En Busca de las Cosas Perdidas

Por John O'Bryan

Shadya había muerto hacía solo unas semanas, pero Akshan ya sentía cómo todos los rastros de ella se desvanecían.

Lore[]

Shadya había muerto hacía solo unas semanas, pero Akshan ya sentía cómo todos los rastros de ella se desvanecían. Ese era el aspecto más duro del duelo: la acumulación de recuerdos, la lucha por reunir y aferrarse a todo lo que quedaba de su amada mentora.

Sacó de su bolsillo el viejo boceto de carboncillo y lo examinó. Sus trazos crudos delineaban una pobre representación de su rostro, a la que faltaban los detalles. Sin embargo, cuando cerraba los ojos e intentaba recordar, generalmente era capaz de rellenar los espacios vacíos. Pero su memoria lo traicionaba cada vez más.
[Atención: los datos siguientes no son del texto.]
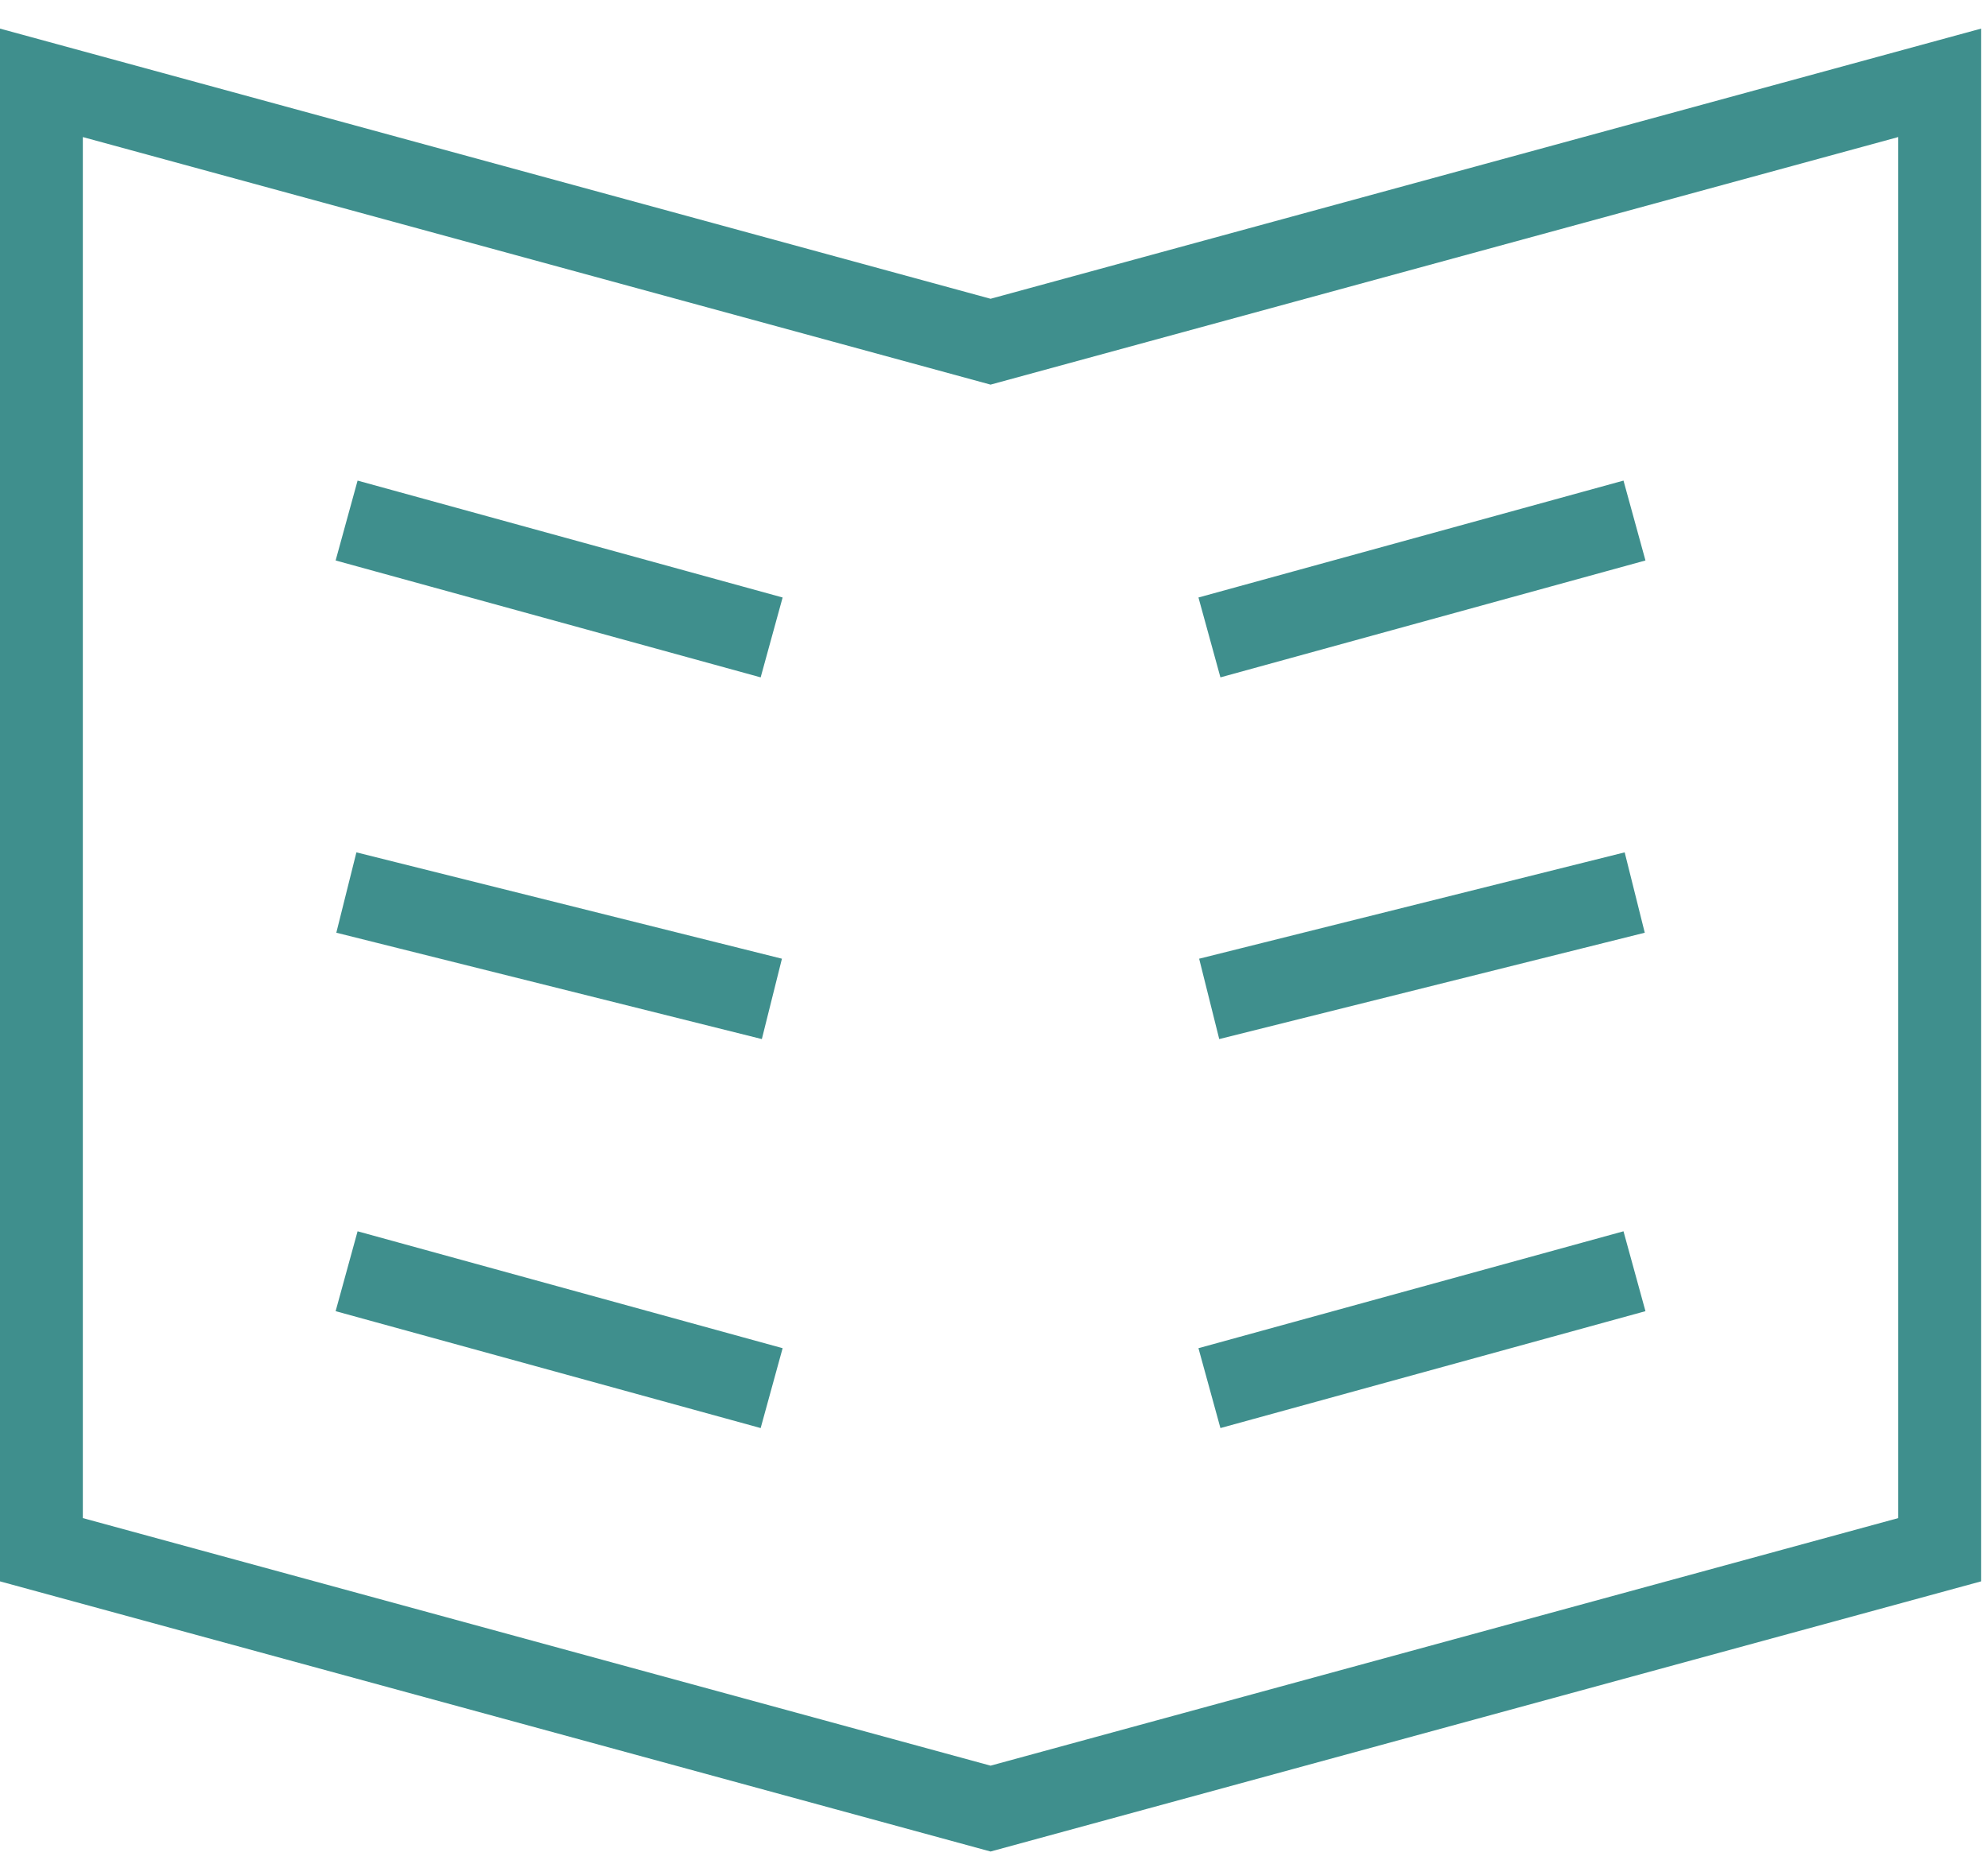 <?xml version="1.0" encoding="UTF-8"?>
<svg xmlns="http://www.w3.org/2000/svg" width="48" height="45" viewBox="0 0 48 45" fill="none">
  <path d="M1 2L23.917 8.25L46.833 2V37.417L23.917 43.667L1 37.417V2Z" stroke="#3F8F8D" stroke-width="2" stroke-miterlimit="10" stroke-linecap="square"></path>
  <path d="M9.333 30.958L17.667 33.25" stroke="#3F8F8D" stroke-width="2" stroke-miterlimit="10" stroke-linecap="square"></path>
  <path d="M17.667 15.125L9.333 12.833" stroke="#3F8F8D" stroke-width="2" stroke-miterlimit="10" stroke-linecap="square"></path>
  <path d="M17.667 23.875L9.333 21.792" stroke="#3F8F8D" stroke-width="2" stroke-miterlimit="10" stroke-linecap="square"></path>
  <path d="M38.5 30.958L30.166 33.25" stroke="#3F8F8D" stroke-width="2" stroke-miterlimit="10" stroke-linecap="square"></path>
  <path d="M30.166 15.125L38.5 12.833" stroke="#3F8F8D" stroke-width="2" stroke-miterlimit="10" stroke-linecap="square"></path>
  <path d="M30.166 23.875L38.5 21.792" stroke="#3F8F8D" stroke-width="2" stroke-miterlimit="10" stroke-linecap="square"></path>
</svg>
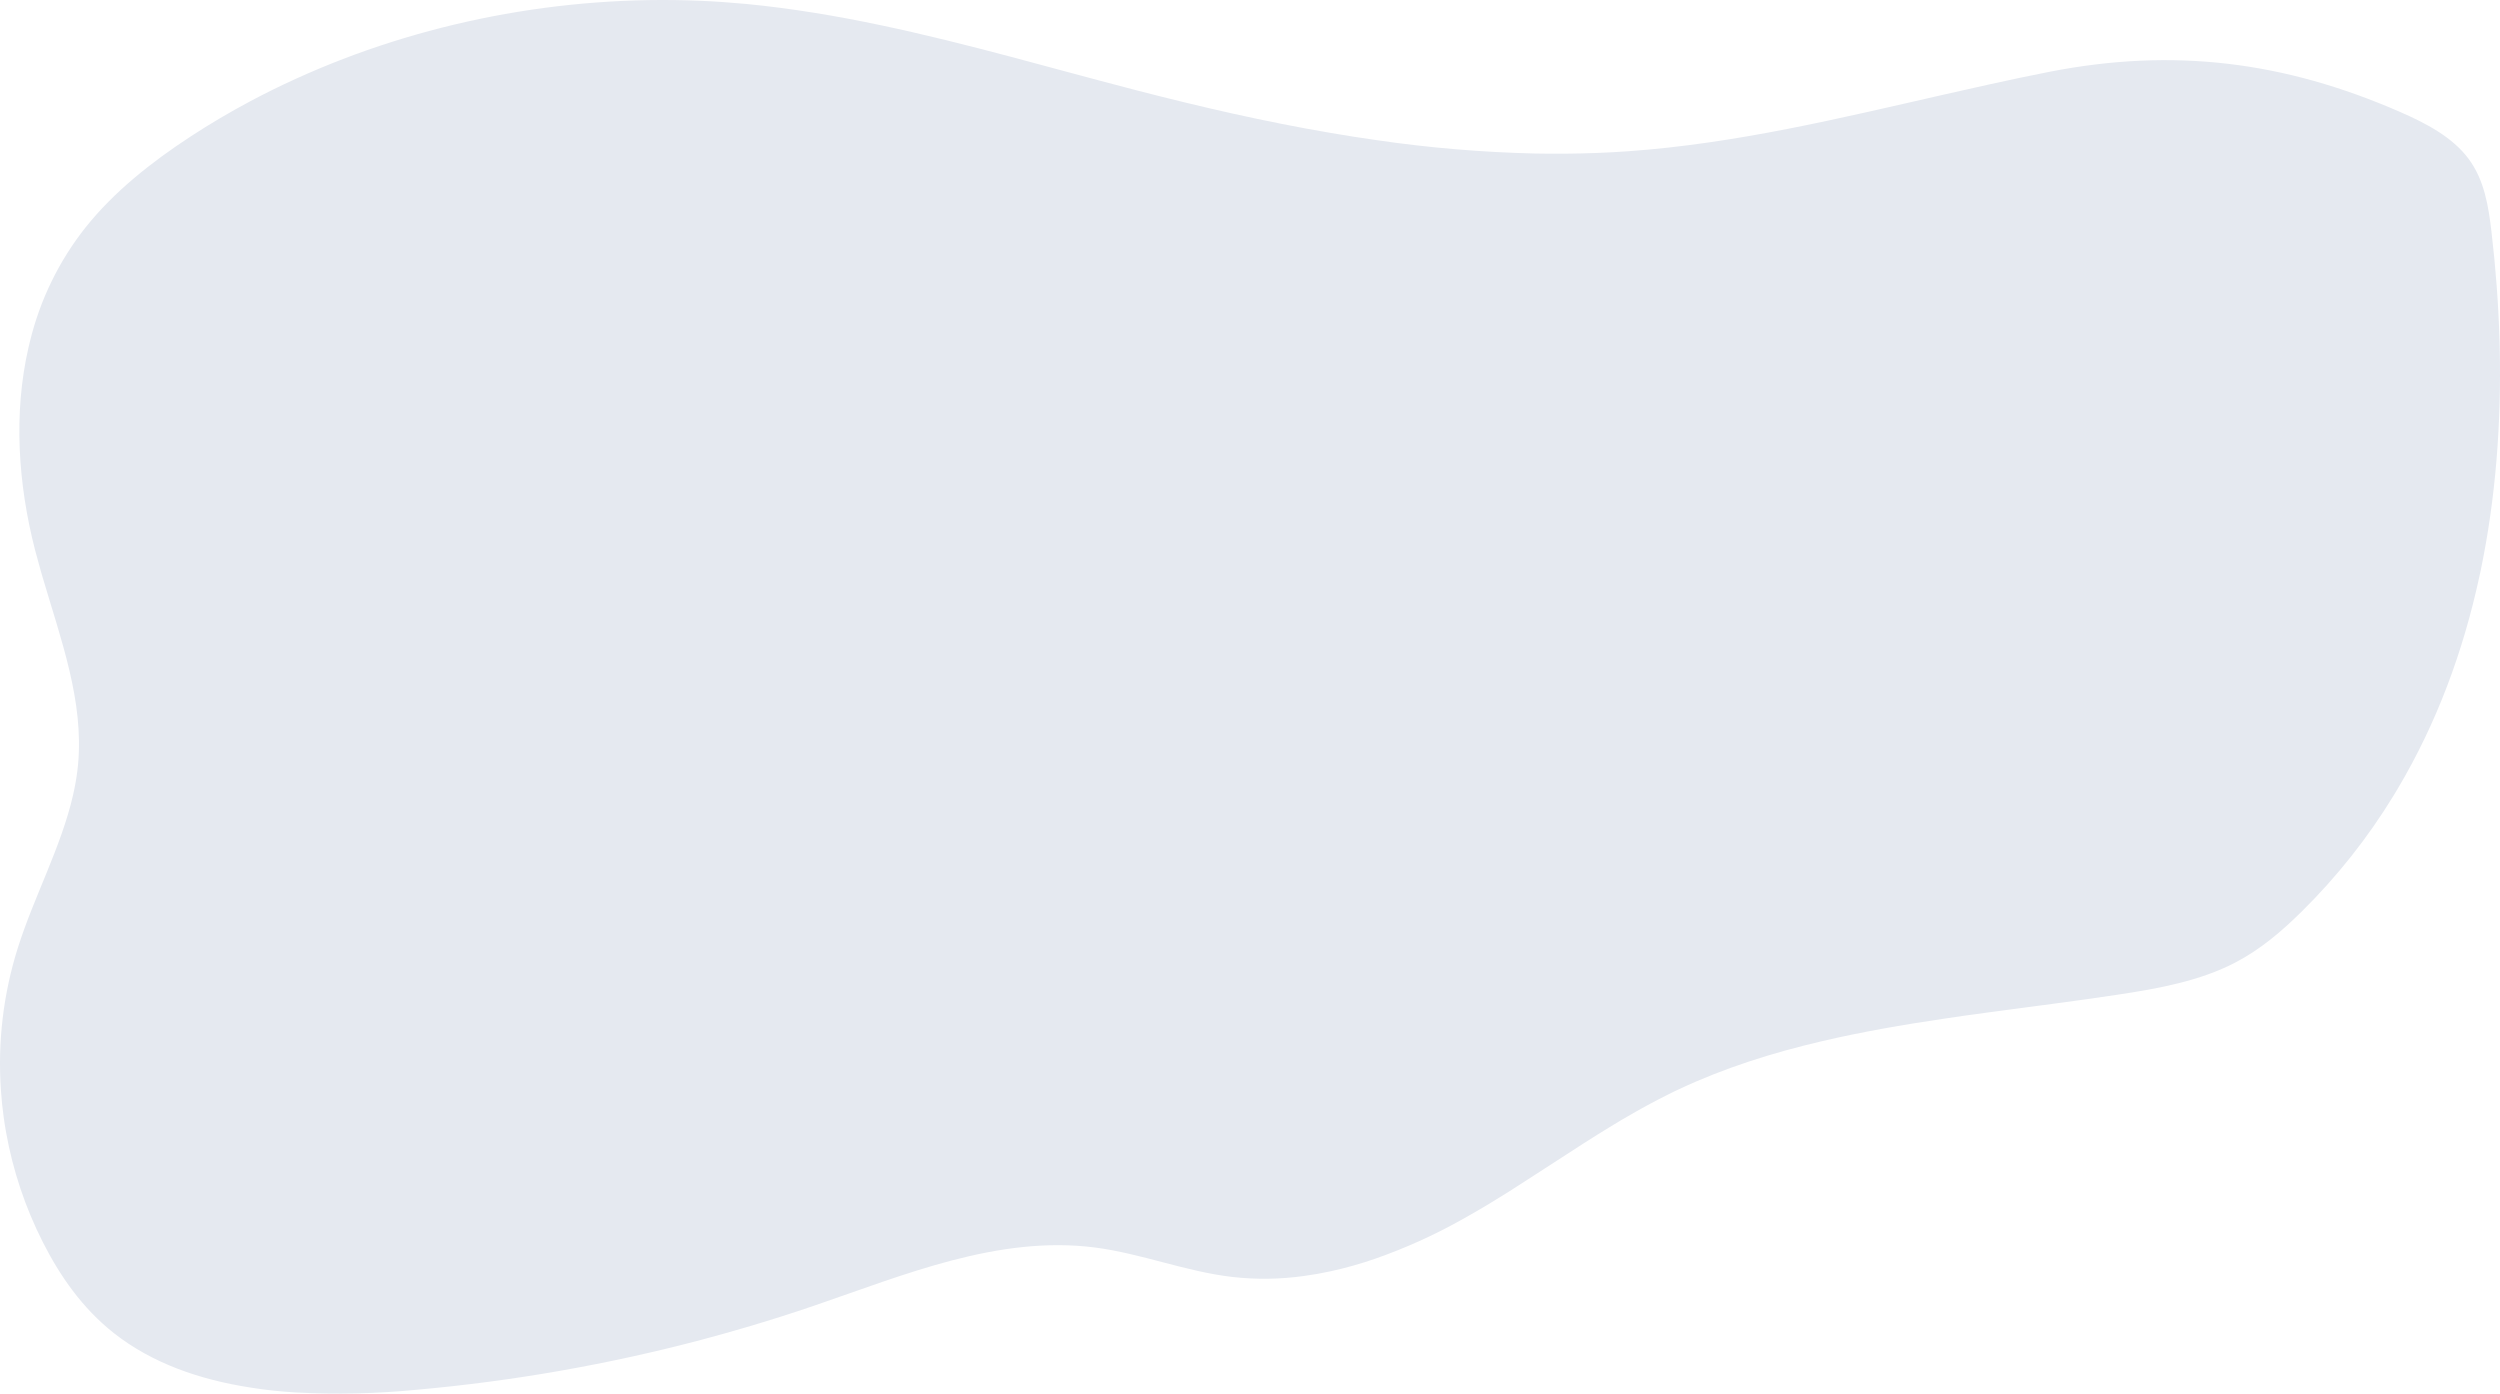 <?xml version="1.0" encoding="UTF-8"?>
<svg width="827px" height="461px" viewBox="0 0 827 461" version="1.1" xmlns="http://www.w3.org/2000/svg" xmlns:xlink="http://www.w3.org/1999/xlink">
    <title>Path</title>
    <g id="Page-1" stroke="none" stroke-width="1" fill="none" fill-rule="evenodd">
        <g id="Accueil-2" transform="translate(-406, -1207)" fill="#E5E9F0" fill-rule="nonzero">
            <g id="Group-4" transform="translate(188, 1207)">
                <path d="M1038.602,188.769 C1038.447,189.492 1038.301,190.216 1038.13,190.931 C1032.795,215.526 1024.075,239.226 1011.111,260.991 C1010.68,261.714 1010.249,262.438 1009.809,263.161 C1001.26,277.165 991.031,290.071 979.349,301.594 C972.892,307.968 965.848,314.025 957.47,318.391 C945.734,324.521 932.013,327.009 918.527,329.042 C904.522,331.164 890.321,332.936 876.16,334.847 C871.128,335.513 866.126,336.221 861.154,336.969 C847.473,338.993 833.891,341.335 820.633,344.441 C804.244,348.27 788.359,353.286 773.353,360.344 C772.155,360.886 770.97,361.46 769.799,362.067 C768.628,362.653 767.448,363.246 766.293,363.848 C765.138,364.449 764,365.051 762.869,365.669 C762.283,365.986 761.698,366.303 761.12,366.636 C760.543,366.97 759.974,367.262 759.412,367.588 C757.721,368.531 756.061,369.498 754.402,370.474 L754.337,370.515 C753.239,371.157 752.157,371.815 751.084,372.474 C744.951,376.198 738.949,380.084 732.946,383.995 L729.172,386.434 L723.324,390.214 C722.185,390.954 721.022,391.694 719.876,392.426 C719.062,392.963 718.249,393.499 717.362,394.052 C713.1,396.735 708.781,399.369 704.349,401.882 C703.3,402.483 702.242,403.085 701.177,403.67 C692.221,408.665 682.855,412.886 673.181,416.288 L673.051,416.337 C668.184,418.034 663.219,419.435 658.183,420.533 C655.28,421.167 652.368,421.687 649.423,422.085 C641.553,423.201 633.572,423.313 625.674,422.419 C610.163,420.622 595.629,414.671 580.126,412.662 C548.211,408.597 517.214,421.695 487.201,431.956 C479.822,434.476 472.388,436.837 464.899,439.037 C459.922,440.509 454.928,441.899 449.893,443.241 C419.048,451.387 387.567,456.906 355.789,459.737 C342.505,461.038 329.142,461.335 315.813,460.623 C310.746,460.314 305.736,459.81 300.815,458.997 C283.979,456.396 268.281,450.94 255.609,440.948 C245.231,432.744 237.805,422.053 232.152,410.866 C226.366,399.45 222.28,387.25 220.025,374.653 C219.716,372.937 219.439,371.214 219.212,369.49 C218.805,366.542 218.501,363.577 218.301,360.596 C217.206,344.706 219.105,328.752 223.897,313.562 C229.265,296.553 238.212,280.227 242.148,263.088 C242.311,262.362 242.465,261.638 242.612,260.918 C243.149,258.314 243.548,255.685 243.807,253.039 C245.816,231.982 238.114,211.452 232.071,190.858 C231.859,190.143 231.648,189.419 231.444,188.696 C230.794,186.408 230.17,184.124 229.574,181.842 C223.978,160.069 222.424,136.759 227.41,115.026 C227.565,114.303 227.752,113.579 227.931,112.864 C231.269,99.127 237.545,86.276 246.329,75.196 C255.666,63.488 267.923,53.74 281.018,45.179 C287.4,41.005 293.999,37.105 300.815,33.479 C305.695,30.877 310.694,28.414 315.813,26.089 C356.846,7.389 403.654,-1.742 449.942,0.275 C452.382,0.38 454.822,0.511 457.262,0.689 C459.702,0.868 462.37,1.08 464.924,1.315 C494.741,4.21 523.753,11.194 552.562,18.828 C562.216,21.389 571.855,24.015 581.485,26.593 C585.771,27.731 590.049,28.869 594.335,29.975 C615.328,35.398 636.629,40.309 658.199,43.975 C663.193,44.837 668.193,45.623 673.198,46.333 C690.574,48.886 708.092,50.371 725.65,50.78 C732.477,50.916 739.306,50.856 746.139,50.602 C749.587,50.477 753.038,50.29 756.492,50.041 C792.158,47.528 826.627,39.122 861.154,31.268 C866.148,30.129 871.15,29.007 876.16,27.902 C882.732,26.454 889.304,25.056 895.908,23.763 C937.007,15.69 973.64,20.332 1011.851,36.991 C1020.537,40.772 1029.216,45.341 1034.535,52.439 C1039.854,59.537 1041.188,68.253 1042.181,76.668 C1043.588,88.652 1044.507,100.79 1044.856,112.994 C1044.856,113.709 1044.856,114.433 1044.905,115.157 C1045.458,139.808 1043.62,164.695 1038.602,188.769 Z" id="Path"></path>
            </g>
        </g>
    </g>
</svg>

Shadya, ¿por qué me abandonas?, se preguntaba. ¿O era algo dentro de él? ¿Algo en lo más profundo de su ser que intentaba protegerlo y borraba todos los recuerdos de un ideal que no era capaz de alcanzar? O quizás solo necesitaba que algo sacudiera su memoria.

Guardó el dibujo en su bolsillo y se dirigió hacia los mercados al aire libre del centro de Marwi, en busca de algo que le recordara a su mentora. Luego de unas cuadras, se encontró con un episodio estremecedor: en un callejón entre dos construcciones de estuco, una joven huérfana ataba a su brazo sucio un brazalete nacarado que le resultaba conocido.

Rápido como el viento, Akshan corrió hasta donde estaba la chica, con su capa ondeando tras su paso. —¿De dónde sacaste eso?—, gritó con un tono atípicamente brusco.

—Lo encontré—, dijo la huérfana, envolviendo el brazalete con sus brazos. —¿Tienes algún problema?—.

—Sí, ese brazalete le pertenecía a alguien a quien quise mucho—, dijo Akshan. —Era su favorito—.

La niña lo miró y sus ojos se ensancharon, temerosos. Akshan se dio cuenta de que la estaba sujetando por el cuello de su vestimenta. La soltó y trató de esbozar una sonrisa burlona.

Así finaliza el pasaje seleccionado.